**Task to carry out:** Go through the material below and copy each line where the word "beach" appears.

☆ ☆ ☆ ☆ ☆ ☆ ☆

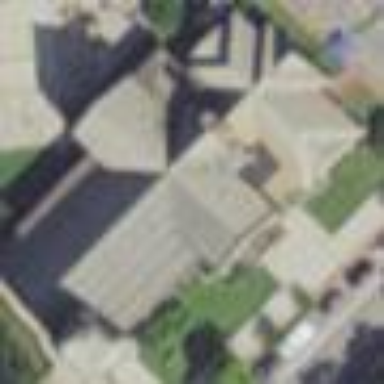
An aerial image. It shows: Building that serves as place of worship.
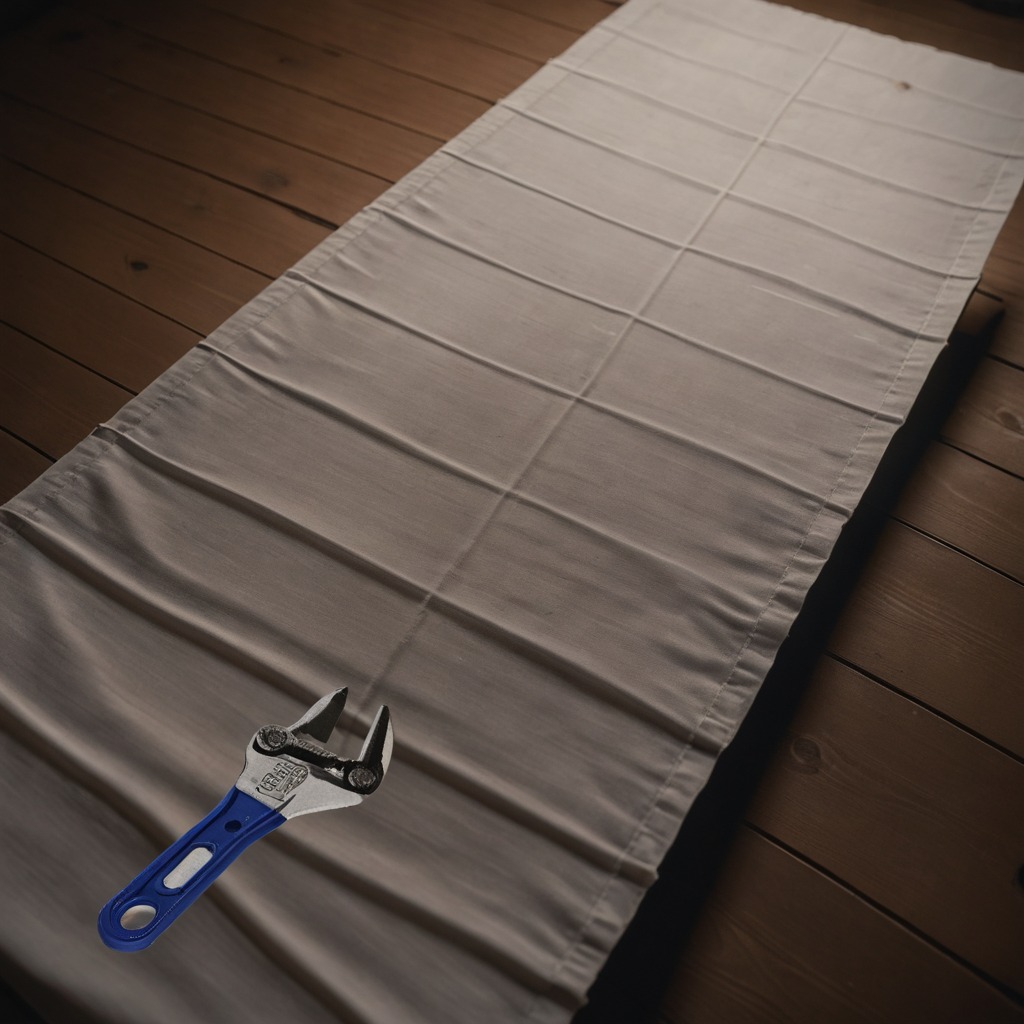
An wrench is lying on a wooden table in a workshop.
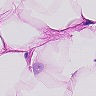
Metastatic tissue present: no
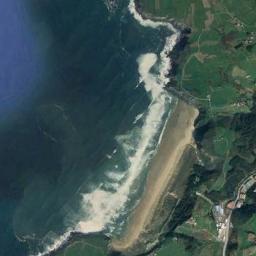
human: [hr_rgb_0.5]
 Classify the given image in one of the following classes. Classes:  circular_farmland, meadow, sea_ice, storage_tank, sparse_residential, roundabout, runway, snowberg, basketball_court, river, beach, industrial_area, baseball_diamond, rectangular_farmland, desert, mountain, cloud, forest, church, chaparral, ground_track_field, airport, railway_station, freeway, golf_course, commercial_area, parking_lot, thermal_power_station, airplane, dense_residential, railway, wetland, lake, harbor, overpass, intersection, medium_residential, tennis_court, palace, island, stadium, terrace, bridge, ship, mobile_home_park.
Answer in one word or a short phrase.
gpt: beach

☆ ☆ ☆ ☆ ☆ ☆ ☆

**Exercise result:**
 Classify the given image in one of the following classes. Classes:  circular_farmland, meadow, sea_ice, storage_tank, sparse_residential, roundabout, runway, snowberg, basketball_court, river, beach, industrial_area, baseball_diamond, rectangular_farmland, desert, mountain, cloud, forest, church, chaparral, ground_track_field, airport, railway_station, freeway, golf_course, commercial_area, parking_lot, thermal_power_station, airplane, dense_residential, railway, wetland, lake, harbor, overpass, intersection, medium_residential, tennis_court, palace, island, stadium, terrace, bridge, ship, mobile_home_park.
gpt: beach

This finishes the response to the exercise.